3. We must use this number to calculate the volume of a sphere (calculation)

4. We must print out the result.

Now, if we look at the above, we actually already know how to do steps 1, 2, and 4. This is actually very similar to the addition program in the last chapter. The only step that is really new is the addition of a more complicated operation for calculating volume of a sphere as opposed to just adding two numbers together.

Given this, we can set out the initial skeleton of our program as follows:

#include <stdio.h>
int main(void){

    double radius;  /*problem said radius was floating point*/

    double volume; /*it stands to reason that if the radius is a floating point, the volume will also be floating point*/
    printf("Please enter the radius of the sphere: ");
    /*note that while we may formulate our output with
    number of decimal places, it is always wrong to do it for scanf*/
    scanf("%lf",&radius);

    /*do some math here to find volume*/

    printf("The volume of the sphere is: %.2lf\n",volume);
}

Doing any quick web search, what you will find the following forula for calculating the volume of a sphere:

$volume of sphere = (4/3)*pi* r^3$

So, lets see how we would write this into our code:

Now... lets start with assignment operator. The assignment operator in C is written with a single = sign. In math, the = sign means things are the same on left and right. Usually it doesn't matter too much if we have x = y or y = x... because in the end it pretty much means the same things. At least that is what we are use to.

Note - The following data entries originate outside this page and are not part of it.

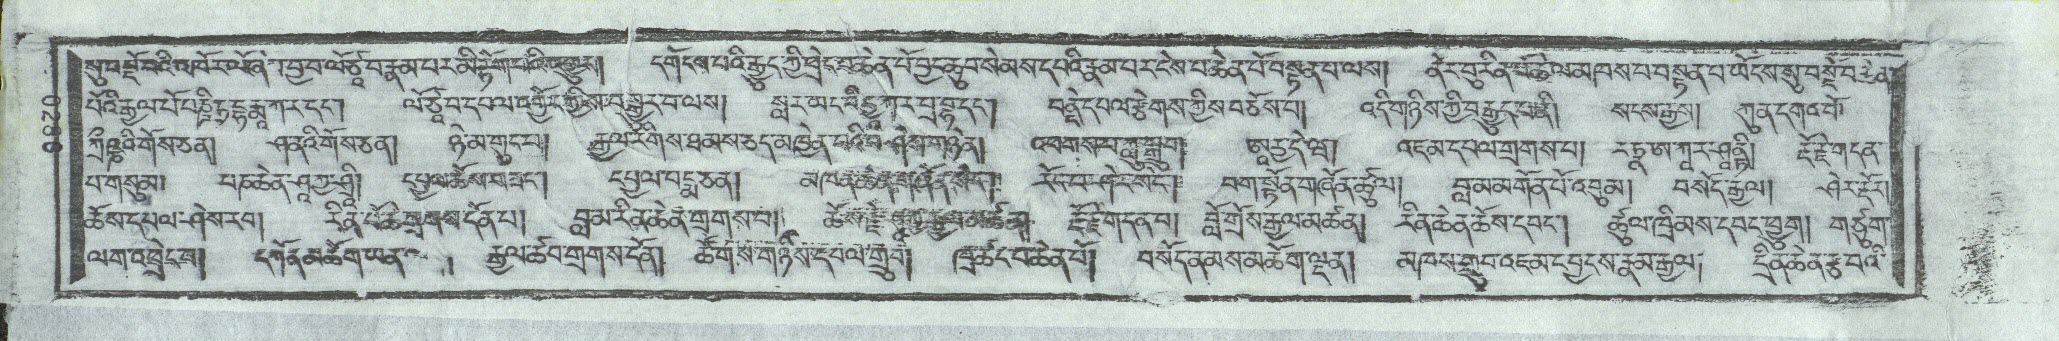སུ་བསྔོ་བའི་འཁོར་ལོ་ཞེས་བྱ་བ་ལོ་ཙཱ་བ་རྣམ་པར་མི་རྟོག་པའི་འགྱུར། དགོངས་པའི་རྒྱུད་ཀྱི་ཕྲེང་པ་ཆེན་པོ་བྱང་ཆུབ་སེམས་དཔའི་རྣམ་པར་ངེས་པ་ཆེན་པོ་བསྟན་པ་ལས། ནོར་བུ་རིན་པོ་ཆེ་ལ་མཁས་པ་བསྟན་པ་ཡོངས་སུ་བསྡེ་བ་ཆེན་
པོའི་རྒྱལ་པོ་པཎྜི་ཏ་དྷརྨཱ་ཀ་ར་དང་། ལོ་ཙཱ་བ་དཔལ་འབྱོར་གྱིས་བསྒྱུར་བ་ལས། སླར་ཡང་བིདྱཱ་ཀ་ར་པྲ་བྷ་དང་། བནྡེ་དཔལ་རྩེགས་ཀྱིས་བཅོས་པ། འདི་གཉིས་ཀྱི་བརྒྱུད་པ་ནི། སངས་རྒྱས། ཀུན་དགའ་བོ།
ཀྲྀཥཎཱི་གོས་ཅན། ཤ་ནའི་གོས་ཅན། ཉེ་མ་གུང་པ། རྒྱལ་རིགས་ཐམས་ཅད་མཁྱེན་པའི་བཤེས་གཉེན། འཕགས་པ་ཀླུ་སྒྲུབ། ཨཱརྱ་དེ་ཝ། འཇམ་དཔལ་གྲགས་པ། རཏྣ་ཨ་ཀཱ་ར་ཤཱནྟི། རྡོ་རྗེ་གདན་
པ་གསུམ། པཎ་ཆེན་ཤཱཀྱ་ཤྲཱི། དཔྱལ་ཆོས་བཟང་། དཔྱལ་པདམ་ཅན། མཁན་ཆེན་གཞོན་སེང་། རོང་བ་ཤེར་སེང་། བག་སྟོན་གཞོན་ཚུལ། བླ་མ་མགོན་པོ་འབུམ། བསོད་རྒྱལ། ཤེར་རྡོར།
ཆོས་དཔལ་ཤེས་རབ། རིན་པོ་ཆེ་གྲགས་དོན་པ། བླ་མ་རིན་ཆེན་གྲགས་པ། ཆོས་རྗེ་ཤཱཀྱ་རྒྱལ་མཚན། རྡོ་རྗེ་གདན་པ། བློ་གྲོས་རྒྱལ་མཚན། རིན་ཆེན་ཆོས་དབང་། ཚུལ་ཁྲིམས་དབང་ཕྱུག། གཙུག་
ལག་འཕྲེང་བ། དཀོན་མཆོག་ཡན་པ།། རྒྱལ་ཚབ་གྲགས་དོན། ཚོགས་གཉིས་དཔལ་གྲུབ། ཁྲ་ཚང་པ་ཆེན་པོ། བསོད་ནམས་མཆོག་ལྡན། མཁས་གྲུབ་འཇམ་དབྱངས་རྣམ་རྒྱལ། དྲིན་ཆེན་རྩ་བའི་

However, in C (and many many other programming languages), this is not the case.

In C, the = sign is called the assignment operator. It means MAKE the thing on the left be the same as right. Firstly it will never be correct to have an expression like the following:

So, firstly it will never be correct to have an expression like the following:

int x;

/*this is wrong, program will not compile*/
3 = x;

The reason this is wrong is because you cannot no matter how much you try, 3 cannot be anything other than 3. 3 is 3. Thats it.

The operand on the left hand side of the assignment (=) operator, must be an Lvalue. That is, it must be something that you can put a value into. So, since 3 is not an Lvalue (we can't change it), the expression we had will not compile.

int x;

/*this is correct*/
x = 3;

So... lets try putting the formula together with code:

$volume of sphere = (4/3)*pi* r^3$

Now, our variable to store the volume is volume. The radius was read in and stored in the variable radius... sooo would the following work?

volume = (4/3) * pi * radius ^ 3;

Now, if you try to compile this you will of course get the error that it has no idea what pi is. So, one solution to this problem is of course to replace pi with 3.14159.

volume = (4/3) * 3.14159 * radius ^ 3;

Now, if you put this line in you will next get another complaint involving the binary ^.

In other words, it doesn't seem to like the ^ operator. The reason for this is that in C, ^ is not the exponent operator. ^ is the bitwise exclusive or operator. It has nothing to do with exponents. This tells you that you should not assume that the normal symbols used to type out math expressions directly translates to C. It will be necessary to learn the operators and their rules for C.

In fact, there is no exponent operator in C at all. If you wish to calculate exponents, you can use the pow() function in the math.h library, or you can simply express it with multiplication. As $radius^3$ is just $radius*radius*radius$, this is probably the simplest solution to fixing the expression. We will use brackets to ensure correct order of operation (though not actually necessary here). In general if you aren't 100% confident you know the correct order of operations, () can be used to ensure that operators are performed in the order you expect.

volume = (4/3) * 3.14159 * (radius * radius * radius);

Now, if you compile this, it will compile. But ... we are not yet done here. We must now check to make sure that our code is correct. So, lets write out a simple test.

Lets start with something simple. Suppose the radius was 1. The volume would be:

$volume of sphere = (4/3)*pi* r^3 = (4/3)*3.14159*(1)^3 = 4.19$

Now, if we try our program with 1... what does it say?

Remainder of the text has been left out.